### [What the task requires]
Your answer should consist of the line holding "Showing the view 2.6 seconds after image 1." and all lines after it to the end of the material, copied exactly.

### [Stored data]
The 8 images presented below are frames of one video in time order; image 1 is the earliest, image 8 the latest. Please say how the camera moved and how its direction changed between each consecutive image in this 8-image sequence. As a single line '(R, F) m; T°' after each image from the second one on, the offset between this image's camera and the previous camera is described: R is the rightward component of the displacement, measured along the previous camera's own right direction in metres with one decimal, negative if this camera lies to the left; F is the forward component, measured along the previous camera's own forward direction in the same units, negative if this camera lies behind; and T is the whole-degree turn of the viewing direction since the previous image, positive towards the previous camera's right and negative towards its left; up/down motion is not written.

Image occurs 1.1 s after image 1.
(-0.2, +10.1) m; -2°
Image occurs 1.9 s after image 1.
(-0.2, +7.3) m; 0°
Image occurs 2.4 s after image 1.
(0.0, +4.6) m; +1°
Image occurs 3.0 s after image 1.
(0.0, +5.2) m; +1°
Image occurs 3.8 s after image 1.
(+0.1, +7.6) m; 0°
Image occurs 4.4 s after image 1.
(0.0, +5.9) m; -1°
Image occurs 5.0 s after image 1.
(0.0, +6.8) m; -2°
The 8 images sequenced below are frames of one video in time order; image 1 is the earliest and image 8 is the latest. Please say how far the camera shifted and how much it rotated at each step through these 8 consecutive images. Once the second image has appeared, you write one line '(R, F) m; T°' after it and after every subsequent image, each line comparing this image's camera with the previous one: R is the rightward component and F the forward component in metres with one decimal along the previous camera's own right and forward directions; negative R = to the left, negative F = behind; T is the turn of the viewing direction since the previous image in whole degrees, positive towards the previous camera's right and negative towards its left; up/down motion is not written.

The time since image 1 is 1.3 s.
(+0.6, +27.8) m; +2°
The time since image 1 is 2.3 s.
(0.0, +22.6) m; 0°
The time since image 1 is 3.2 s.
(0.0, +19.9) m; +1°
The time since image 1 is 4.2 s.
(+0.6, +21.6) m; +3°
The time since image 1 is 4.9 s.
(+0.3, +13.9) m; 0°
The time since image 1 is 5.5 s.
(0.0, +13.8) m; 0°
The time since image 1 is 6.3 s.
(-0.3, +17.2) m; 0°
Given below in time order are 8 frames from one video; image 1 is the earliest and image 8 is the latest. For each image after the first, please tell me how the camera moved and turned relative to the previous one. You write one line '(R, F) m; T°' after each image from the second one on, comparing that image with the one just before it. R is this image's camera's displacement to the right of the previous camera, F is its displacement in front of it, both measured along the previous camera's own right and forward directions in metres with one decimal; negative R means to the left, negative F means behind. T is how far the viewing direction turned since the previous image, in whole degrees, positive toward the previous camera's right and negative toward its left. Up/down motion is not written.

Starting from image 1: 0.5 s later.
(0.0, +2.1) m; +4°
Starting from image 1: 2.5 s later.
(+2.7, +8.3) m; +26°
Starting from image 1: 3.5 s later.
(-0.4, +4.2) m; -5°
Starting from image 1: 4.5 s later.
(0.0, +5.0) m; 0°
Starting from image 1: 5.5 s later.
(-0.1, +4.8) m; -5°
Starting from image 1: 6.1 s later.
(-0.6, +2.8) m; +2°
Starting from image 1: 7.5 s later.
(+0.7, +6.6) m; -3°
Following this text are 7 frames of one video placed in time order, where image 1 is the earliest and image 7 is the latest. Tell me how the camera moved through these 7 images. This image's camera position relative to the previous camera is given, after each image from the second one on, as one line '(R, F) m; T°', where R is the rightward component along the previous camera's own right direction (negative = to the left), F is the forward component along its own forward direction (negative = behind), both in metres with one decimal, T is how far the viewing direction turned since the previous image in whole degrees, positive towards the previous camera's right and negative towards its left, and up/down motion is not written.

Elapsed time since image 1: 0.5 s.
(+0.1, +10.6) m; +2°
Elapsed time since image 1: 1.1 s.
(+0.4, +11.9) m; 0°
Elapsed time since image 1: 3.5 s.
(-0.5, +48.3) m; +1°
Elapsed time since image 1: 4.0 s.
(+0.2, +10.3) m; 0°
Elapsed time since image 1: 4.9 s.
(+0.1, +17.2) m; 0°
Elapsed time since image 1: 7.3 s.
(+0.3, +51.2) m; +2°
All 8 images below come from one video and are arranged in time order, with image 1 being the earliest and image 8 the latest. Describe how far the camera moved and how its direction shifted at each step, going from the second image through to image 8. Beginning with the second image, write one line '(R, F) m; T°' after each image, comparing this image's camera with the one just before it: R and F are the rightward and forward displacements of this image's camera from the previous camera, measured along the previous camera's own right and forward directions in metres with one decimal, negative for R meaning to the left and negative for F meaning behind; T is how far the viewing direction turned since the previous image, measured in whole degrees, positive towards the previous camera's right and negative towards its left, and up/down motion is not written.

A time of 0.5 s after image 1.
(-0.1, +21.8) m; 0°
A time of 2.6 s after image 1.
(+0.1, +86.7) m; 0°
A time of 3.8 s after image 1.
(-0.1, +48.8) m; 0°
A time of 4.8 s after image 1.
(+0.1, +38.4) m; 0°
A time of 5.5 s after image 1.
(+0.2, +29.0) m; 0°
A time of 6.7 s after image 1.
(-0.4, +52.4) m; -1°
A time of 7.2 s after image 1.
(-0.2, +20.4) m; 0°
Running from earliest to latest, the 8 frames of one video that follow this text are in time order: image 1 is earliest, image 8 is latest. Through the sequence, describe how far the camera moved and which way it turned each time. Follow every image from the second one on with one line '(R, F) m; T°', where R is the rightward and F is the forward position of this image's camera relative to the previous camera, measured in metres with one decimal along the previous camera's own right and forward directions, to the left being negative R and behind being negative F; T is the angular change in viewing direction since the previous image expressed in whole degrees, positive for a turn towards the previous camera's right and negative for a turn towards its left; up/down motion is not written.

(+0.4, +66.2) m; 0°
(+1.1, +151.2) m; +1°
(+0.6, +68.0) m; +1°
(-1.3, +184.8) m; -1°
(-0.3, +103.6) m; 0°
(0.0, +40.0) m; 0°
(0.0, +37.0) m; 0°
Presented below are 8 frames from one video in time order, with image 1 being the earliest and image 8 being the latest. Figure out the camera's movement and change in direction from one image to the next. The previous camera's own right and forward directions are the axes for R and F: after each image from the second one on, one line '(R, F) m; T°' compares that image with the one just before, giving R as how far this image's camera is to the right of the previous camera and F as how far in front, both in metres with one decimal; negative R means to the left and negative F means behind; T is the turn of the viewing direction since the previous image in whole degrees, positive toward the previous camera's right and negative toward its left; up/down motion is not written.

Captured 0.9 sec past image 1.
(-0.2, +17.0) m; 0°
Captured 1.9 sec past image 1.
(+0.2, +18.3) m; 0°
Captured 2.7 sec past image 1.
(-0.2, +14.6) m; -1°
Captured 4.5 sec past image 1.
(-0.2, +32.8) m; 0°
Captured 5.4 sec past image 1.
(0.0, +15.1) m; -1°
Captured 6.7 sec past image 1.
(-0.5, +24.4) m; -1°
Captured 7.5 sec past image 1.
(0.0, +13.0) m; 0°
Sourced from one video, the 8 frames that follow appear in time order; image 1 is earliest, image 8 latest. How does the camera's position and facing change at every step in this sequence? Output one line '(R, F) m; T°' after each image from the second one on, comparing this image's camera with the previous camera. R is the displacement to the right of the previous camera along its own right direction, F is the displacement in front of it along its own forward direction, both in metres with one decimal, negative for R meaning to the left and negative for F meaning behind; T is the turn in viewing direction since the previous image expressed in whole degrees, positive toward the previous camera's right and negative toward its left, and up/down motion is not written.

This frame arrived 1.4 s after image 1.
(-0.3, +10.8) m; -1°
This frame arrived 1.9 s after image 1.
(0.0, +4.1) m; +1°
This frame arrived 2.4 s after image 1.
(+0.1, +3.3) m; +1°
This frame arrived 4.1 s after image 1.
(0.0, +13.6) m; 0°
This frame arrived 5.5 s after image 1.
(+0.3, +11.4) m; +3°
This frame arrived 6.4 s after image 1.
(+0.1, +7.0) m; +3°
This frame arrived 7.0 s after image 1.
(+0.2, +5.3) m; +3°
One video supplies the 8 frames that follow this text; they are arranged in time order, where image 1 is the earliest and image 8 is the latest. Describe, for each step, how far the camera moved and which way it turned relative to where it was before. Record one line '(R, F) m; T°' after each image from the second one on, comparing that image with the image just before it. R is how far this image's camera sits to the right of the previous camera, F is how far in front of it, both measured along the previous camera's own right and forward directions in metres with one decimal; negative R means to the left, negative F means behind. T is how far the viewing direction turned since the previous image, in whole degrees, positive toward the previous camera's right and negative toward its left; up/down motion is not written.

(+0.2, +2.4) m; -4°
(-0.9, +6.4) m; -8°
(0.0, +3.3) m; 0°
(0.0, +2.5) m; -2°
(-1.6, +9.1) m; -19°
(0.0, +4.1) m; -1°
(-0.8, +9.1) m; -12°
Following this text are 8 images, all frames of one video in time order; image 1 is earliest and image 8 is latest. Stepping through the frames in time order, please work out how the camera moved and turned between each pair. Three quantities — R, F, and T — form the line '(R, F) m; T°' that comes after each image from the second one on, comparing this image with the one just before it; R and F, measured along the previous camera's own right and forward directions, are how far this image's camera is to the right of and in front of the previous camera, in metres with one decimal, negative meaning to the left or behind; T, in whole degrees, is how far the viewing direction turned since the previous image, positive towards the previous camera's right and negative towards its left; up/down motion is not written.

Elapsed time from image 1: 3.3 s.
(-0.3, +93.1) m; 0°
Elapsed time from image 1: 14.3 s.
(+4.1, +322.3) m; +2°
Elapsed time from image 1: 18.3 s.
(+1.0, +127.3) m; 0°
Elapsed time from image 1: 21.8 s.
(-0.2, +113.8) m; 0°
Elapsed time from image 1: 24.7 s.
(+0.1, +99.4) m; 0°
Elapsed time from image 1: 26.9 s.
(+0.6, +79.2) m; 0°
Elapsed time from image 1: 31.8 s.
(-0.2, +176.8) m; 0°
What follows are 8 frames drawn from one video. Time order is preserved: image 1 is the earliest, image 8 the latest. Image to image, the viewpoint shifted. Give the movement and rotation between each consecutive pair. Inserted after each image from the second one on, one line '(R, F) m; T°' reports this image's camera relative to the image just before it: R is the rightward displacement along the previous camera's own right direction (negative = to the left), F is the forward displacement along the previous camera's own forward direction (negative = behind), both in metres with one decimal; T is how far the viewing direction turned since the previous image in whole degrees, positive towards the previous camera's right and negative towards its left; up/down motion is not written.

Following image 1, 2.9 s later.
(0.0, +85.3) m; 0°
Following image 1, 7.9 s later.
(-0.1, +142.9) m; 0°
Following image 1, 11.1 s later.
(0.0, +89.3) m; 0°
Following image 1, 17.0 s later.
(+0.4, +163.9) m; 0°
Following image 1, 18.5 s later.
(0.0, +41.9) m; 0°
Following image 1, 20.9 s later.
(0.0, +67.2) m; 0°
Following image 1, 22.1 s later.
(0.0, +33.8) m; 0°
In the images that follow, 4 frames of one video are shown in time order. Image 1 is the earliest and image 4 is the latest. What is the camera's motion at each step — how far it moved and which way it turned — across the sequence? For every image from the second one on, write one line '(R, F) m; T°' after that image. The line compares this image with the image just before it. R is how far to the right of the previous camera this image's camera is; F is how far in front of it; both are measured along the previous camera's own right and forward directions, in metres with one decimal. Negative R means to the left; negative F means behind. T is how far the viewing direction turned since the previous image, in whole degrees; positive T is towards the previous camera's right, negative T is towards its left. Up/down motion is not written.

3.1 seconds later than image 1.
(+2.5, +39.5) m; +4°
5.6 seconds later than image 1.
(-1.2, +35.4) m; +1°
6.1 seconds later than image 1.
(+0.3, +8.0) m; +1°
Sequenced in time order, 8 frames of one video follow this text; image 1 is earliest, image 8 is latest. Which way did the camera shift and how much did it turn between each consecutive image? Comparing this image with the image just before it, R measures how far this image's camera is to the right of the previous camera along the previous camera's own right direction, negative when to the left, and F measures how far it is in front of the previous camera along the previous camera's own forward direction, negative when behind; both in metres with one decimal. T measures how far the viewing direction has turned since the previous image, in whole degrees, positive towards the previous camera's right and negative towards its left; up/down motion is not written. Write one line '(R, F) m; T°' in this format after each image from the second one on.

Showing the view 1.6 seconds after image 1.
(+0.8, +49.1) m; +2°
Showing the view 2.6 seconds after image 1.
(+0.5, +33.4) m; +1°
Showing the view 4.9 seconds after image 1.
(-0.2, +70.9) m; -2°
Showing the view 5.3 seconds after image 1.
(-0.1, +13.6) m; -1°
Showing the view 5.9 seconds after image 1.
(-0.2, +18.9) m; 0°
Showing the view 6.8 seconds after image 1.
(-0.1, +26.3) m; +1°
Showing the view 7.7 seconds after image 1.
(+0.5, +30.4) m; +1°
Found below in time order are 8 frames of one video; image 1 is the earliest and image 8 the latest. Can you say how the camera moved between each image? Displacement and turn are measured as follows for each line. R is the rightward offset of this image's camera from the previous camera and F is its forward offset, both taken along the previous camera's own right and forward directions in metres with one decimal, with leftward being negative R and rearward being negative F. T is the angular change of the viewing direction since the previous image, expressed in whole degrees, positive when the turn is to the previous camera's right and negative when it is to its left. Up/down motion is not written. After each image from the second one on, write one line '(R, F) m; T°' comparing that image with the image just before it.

### [Answer box]
Showing the view 2.6 seconds after image 1.
(+0.5, +33.4) m; +1°
Showing the view 4.9 seconds after image 1.
(-0.2, +70.9) m; -2°
Showing the view 5.3 seconds after image 1.
(-0.1, +13.6) m; -1°
Showing the view 5.9 seconds after image 1.
(-0.2, +18.9) m; 0°
Showing the view 6.8 seconds after image 1.
(-0.1, +26.3) m; +1°
Showing the view 7.7 seconds after image 1.
(+0.5, +30.4) m; +1°
Found below in time order are 8 frames of one video; image 1 is the earliest and image 8 the latest. Can you say how the camera moved between each image? Displacement and turn are measured as follows for each line. R is the rightward offset of this image's camera from the previous camera and F is its forward offset, both taken along the previous camera's own right and forward directions in metres with one decimal, with leftward being negative R and rearward being negative F. T is the angular change of the viewing direction since the previous image, expressed in whole degrees, positive when the turn is to the previous camera's right and negative when it is to its left. Up/down motion is not written. After each image from the second one on, write one line '(R, F) m; T°' comparing that image with the image just before it.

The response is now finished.